В Большом зале консерватории состоялся второй филармонический концерт-лекция Геннадия Рождественского. На сей раз в зоне внимания дирижера-лектора оказалась музыкальная философия старого и нового времени.
В исполнении оркестра Московской филармонии под управлением Рождественского звучали три сочинения. Одно ("Поэму экстаза" Скрябина) можно назвать широко известным, другое (Сюиту Чайковского #3) — малоизвестным, и третье ("And farewell goes out signing..." или "И прощание уходит, вздыхая" Гии Канчели) — совсем неизвестным. Как ни странно, все три музыки скрепил общий сюжет. Как сказал дирижер: "над концертом витает тень Нью-Йорка". Имелось в виду, что своей Третьей сюитой Чайковский дирижировал на открытии нью-йоркского Карнеги-холла, премьера скрябиновской "Поэмы экстаза" проходила тоже в Нью-Йорке, а опус современного композитора Гии Канчели написан по заказу Нью-Йоркской филармонии.
Судя по представленной музыке, Америке от нас нужна не столько музыка, сколько иллюстрируемая ею философия. Вот, например, в третьесортном симфоническом опусе Чайковского такой философией кажется очевидный поструссоизм, сдобренный изрядными порциями патриархального пейзанского жеманства и слезливой городской банальности, утверждавшихся в 80-е годы XIX века в качестве достойных категорий. В русскую поэзию они пришли несколько раньше (Тютчев), зато именно через музыку Чайковского доходчиво поступили прямо в заокеанское ухо.

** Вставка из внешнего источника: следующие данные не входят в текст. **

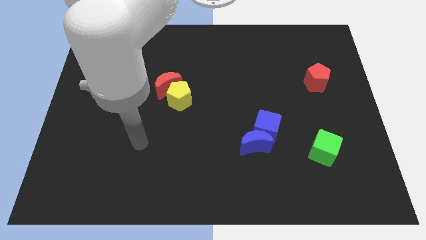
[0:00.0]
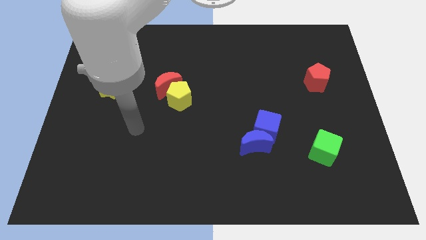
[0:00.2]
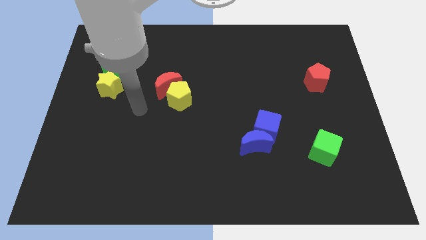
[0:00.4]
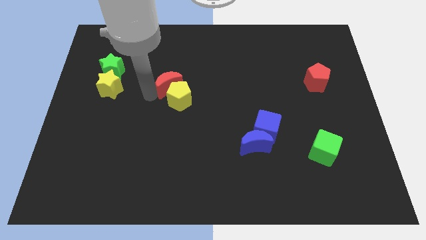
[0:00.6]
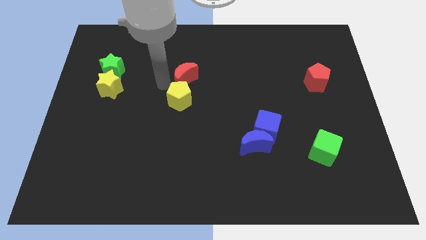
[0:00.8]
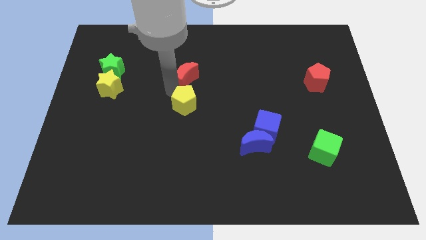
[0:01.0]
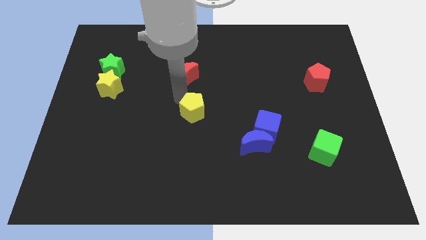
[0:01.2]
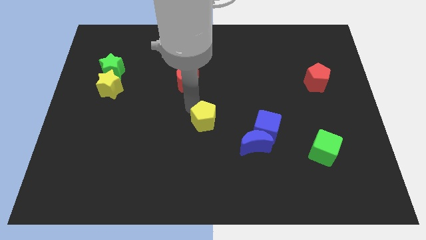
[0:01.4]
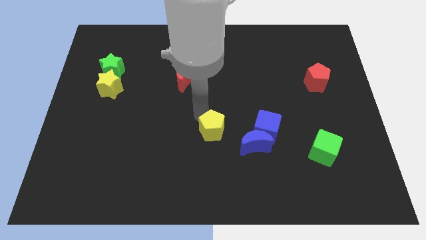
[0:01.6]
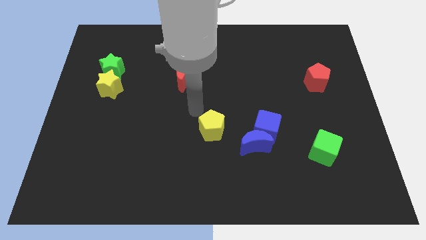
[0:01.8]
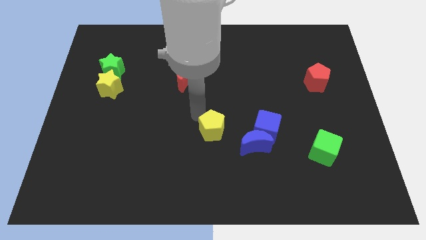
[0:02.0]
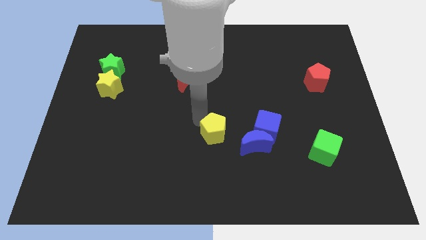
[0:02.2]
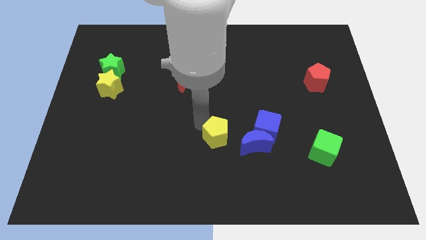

А уже через четверть века, благодаря "Поэме экстаза", Нью-Йорк понимал совсем другое — что "русскому духу" мало апатичного лирического созерцания, им завладел активный пафос мирового переустройства. Пафос, впрочем, при всех претензиях Скрябина, отнюдь не вселенский, а скорее, в границах кабинетного воображения. То есть частный, приватный, упорно обслуживающий сугубо интимную скрябиновскую "философию личности".
Современным философом на концерте предстал Гия Канчели, на долю которого выпал "миллениумный" заказ оркестра Нью-Йоркской филармонии, сделанный нескольким композиторам — Сомеи Сато (Somei Satoh, Япония), Томасу Адесу (Thomas Ades, Англия), Кайе Саарьяхо (Kaija Saariaho, Финляндия), Карлу Вернеру Хенце (Carl Verner Henze, Германия) и Джону Корильяно (John Corigliano, США). Позиционируя себя в этом списке, Канчели нашел по-грузински мудрый выход. Он написал много тихих и громких эпизодов для скрипки соло с контртенором плюс оркестр, включив в партитуру грузинские слова и даже строки 76-го сонета Шекспира: "и в новом старый стих опять преподношу".
Старое в новом, по Канчели,— это когда элементы барочной мессы и классического джаза, грузинских мелодий и рок-музыкальных intro медленным хороводом ползают друг за другом, время от времени выплескивая зловещий адреналин новой псевдогармонии. Это — музыка, где много начал, но ни одного продолжения. А сам композитор — всего лишь медиум миражей — спасается бегством в сон. В начале и в конце опуса тихо сопят контрабасы и громко звучит тишина. То ли "сон разума порождает чудовищ", то ли "многая мудрость — многая печаль". Такая вот получается философия.